Je voudrais également ajouter qumon avis, l'arrêt R. du chef du Canada c. Saskatchewan Wheat Pool, [1983] 1 R.C.S. 205 expose clairement qu'il n'y a pas de délit civil spécial fondé sur une violation seule de la loi mais plutôt qu'une cause d'action doit exister indépendamment et séparément en vertu des principes de la responsabilité civile délictuelle. En l'absence d'indices dans le Code canadien du travail ou dans la Loi sur la Sociétécanadienne des postes que ces lois envisagent une telle action, on ne peut présumer que la violation de leurs dispositions donne aux demandeurs une cause civile d'action [page 116].

En effet, ces dispositions législatives quasi criminelles ne fondent pas par elles-mêmes une cause d'action dans un procès civil. Dans son argumentation, la défenderesse dit qu'elle ne cherche pas à intenter une poursuite visant une infraction criminelle ou quasi criminelle ni à jeter les bases d'une injonction applicable à une activité criminelle. Naturellement, la chose n'est pas certaine lorsque qu'une partie fait valoir des faits et les conséquences qu'ils entraînent, comme on l'a fait aux paragraphes 19 à 21 de la défense et demande reconventionnelle, car le plaideur n'est pas lié ni limité par ces conséquences juridiques : voir, par exemple, Johnson & Johnson Inc. c. Boston Scientific Ltd., décision non publiée du 13 novembre 2004 dans le dossier T-1822-97, 2004 CF 1672. Par conséquent, malgré ce qu'on a pu dire ou faire observer sur la présente requête, les demandeurs pourraient bien souhaiter poursuivre l'enquête préalable, ce qu'autorise la gestion de l'instance dans le cas d'une ordonnance de même date.


[10]            Adoptant une approche différente, la défenderesse soutient qu'une fois la compétence de la Cour fédérale établie, en l'occurrence en vertu de la Loi sur les brevets, la Cour dispose alors de tous les pouvoirs nécessaires pour exercer sa compétence : la Cour possède en effet les pouvoirs nécessaires pour accorder la réparation appropriée, que ce pouvoir soit ou non mentionné expressément dans la loi : New-Pharm Inc. c.
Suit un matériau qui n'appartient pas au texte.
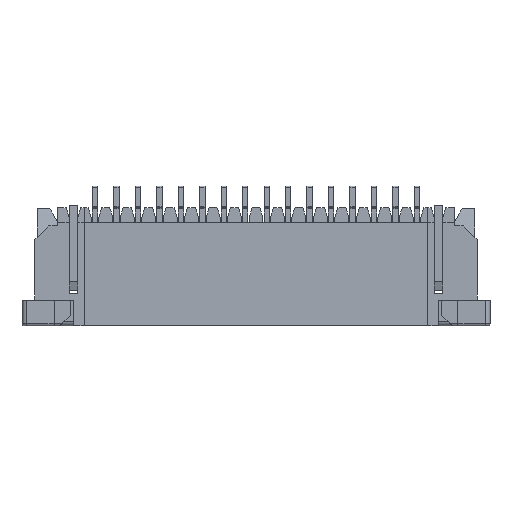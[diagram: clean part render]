
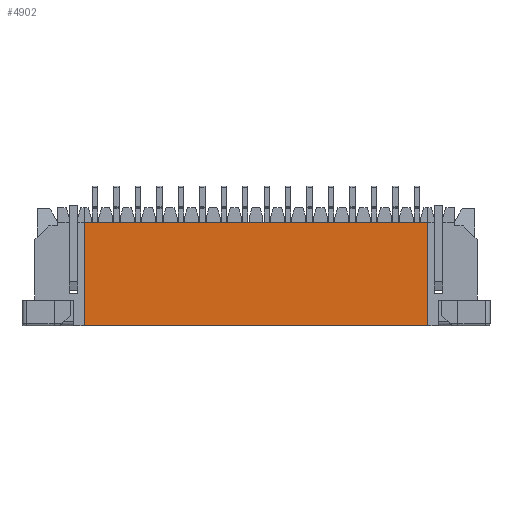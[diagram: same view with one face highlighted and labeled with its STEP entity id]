
A CAD part, front view. The second image highlights one B-rep face of the part: STEP entity #4902.
In plain terms, the highlighted planar face has unit normal (0, -1, 0).
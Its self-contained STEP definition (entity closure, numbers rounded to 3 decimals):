
#686 = VECTOR ( 'NONE', #5783, 1000. ) ;
#765 = EDGE_LOOP ( 'NONE', ( #13941, #11405, #7011, #10042 ) ) ;
#2306 = DIRECTION ( 'NONE',  ( 0., 1., 0. ) ) ;
#2444 = LINE ( 'NONE', #7501, #7322 ) ;
#4902 = ADVANCED_FACE ( 'NONE', ( #6942 ), #8129, .F. ) ;
#5176 = DIRECTION ( 'NONE',  ( 0., 0., -1. ) ) ;
#5783 = DIRECTION ( 'NONE',  ( 1., 0., 0. ) ) ;
#5875 = CARTESIAN_POINT ( 'NONE',  ( 8., 0., 1.2 ) ) ;
#5958 = AXIS2_PLACEMENT_3D ( 'NONE', #10127, #2306, #10055 ) ;
#6085 = CARTESIAN_POINT ( 'NONE',  ( 8., 0., 1.2 ) ) ;
#6778 = EDGE_CURVE ( 'NONE', #14407, #10577, #2444, .T. ) ;
#6801 = CARTESIAN_POINT ( 'NONE',  ( 8., 0., -3.6 ) ) ;
#6942 = FACE_OUTER_BOUND ( 'NONE', #765, .T. ) ;
#7011 = ORIENTED_EDGE ( 'NONE', *, *, #9146, .T. ) ;
#7322 = VECTOR ( 'NONE', #7588, 1000. ) ;
#7501 = CARTESIAN_POINT ( 'NONE',  ( 8., 0., -3.6 ) ) ;
#7588 = DIRECTION ( 'NONE',  ( -1., 0., 0. ) ) ;
#7967 = VECTOR ( 'NONE', #5176, 1000. ) ;
#8129 = PLANE ( 'NONE',  #5958 ) ;
#8893 = CARTESIAN_POINT ( 'NONE',  ( 8., 0., 0. ) ) ;
#9146 = EDGE_CURVE ( 'NONE', #11402, #10577, #15623, .T. ) ;
#9364 = CARTESIAN_POINT ( 'NONE',  ( -8., 0., 1.2 ) ) ;
#9430 = EDGE_CURVE ( 'NONE', #11402, #11563, #10907, .T. ) ;
#10042 = ORIENTED_EDGE ( 'NONE', *, *, #6778, .F. ) ;
#10055 = DIRECTION ( 'NONE',  ( 0., 0., 1. ) ) ;
#10068 = EDGE_CURVE ( 'NONE', #11563, #14407, #12979, .T. ) ;
#10127 = CARTESIAN_POINT ( 'NONE',  ( 0., 0., 0. ) ) ;
#10498 = DIRECTION ( 'NONE',  ( 0., 0., -1. ) ) ;
#10577 = VERTEX_POINT ( 'NONE', #10770 ) ;
#10770 = CARTESIAN_POINT ( 'NONE',  ( -8., 0., -3.6 ) ) ;
#10907 = LINE ( 'NONE', #5875, #686 ) ;
#11172 = VECTOR ( 'NONE', #10498, 1000. ) ;
#11402 = VERTEX_POINT ( 'NONE', #9364 ) ;
#11405 = ORIENTED_EDGE ( 'NONE', *, *, #9430, .F. ) ;
#11563 = VERTEX_POINT ( 'NONE', #6085 ) ;
#12979 = LINE ( 'NONE', #8893, #7967 ) ;
#13094 = CARTESIAN_POINT ( 'NONE',  ( -8., 0., 0. ) ) ;
#13941 = ORIENTED_EDGE ( 'NONE', *, *, #10068, .F. ) ;
#14407 = VERTEX_POINT ( 'NONE', #6801 ) ;
#15623 = LINE ( 'NONE', #13094, #11172 ) ;

Canada (Procureur général) (2000) 2 C.P.R. (4th) 49 (C.A.F.) aux pages 52 et 53. Sur cette base, la défenderesse affirme que la Cour fédérale peut appliquer des lois si elles sont pertinentes par rapport à des questions relevant par ailleurs de sa compétence, même si la Cour ne peut pas connaître directement d'actions ou de poursuites fondées sur ces lois.

[11]            La décision 384238 Ontario Limited c. La Reine, [1982] 1 C.F. 61 (C.F. 1re inst.) fournit un autre exemple de cette argumentation. Elle visait la saisie de biens dont on prétendait qu'ils avaient été cédés à un tiers, la demanderesse, donc mis hors de la portée de la Couronne une fois le fait accompli. Les demanderesses, qui avaient acheté les biens, demandaient à la Couronne de les remettre. La Couronne, en réponse, s'est appuyée sur la législation ontarienne en matière de transferts frauduleux de biens comme moyen de défense. Toutefois, la décision 384238 Ontario n'est d'aucune aide particulière pour l'espèce, car ni l'article 76 de la Loi sur les brevets ni les articles 366 et 368 du Code criminel ne prévoient de moyens de défense.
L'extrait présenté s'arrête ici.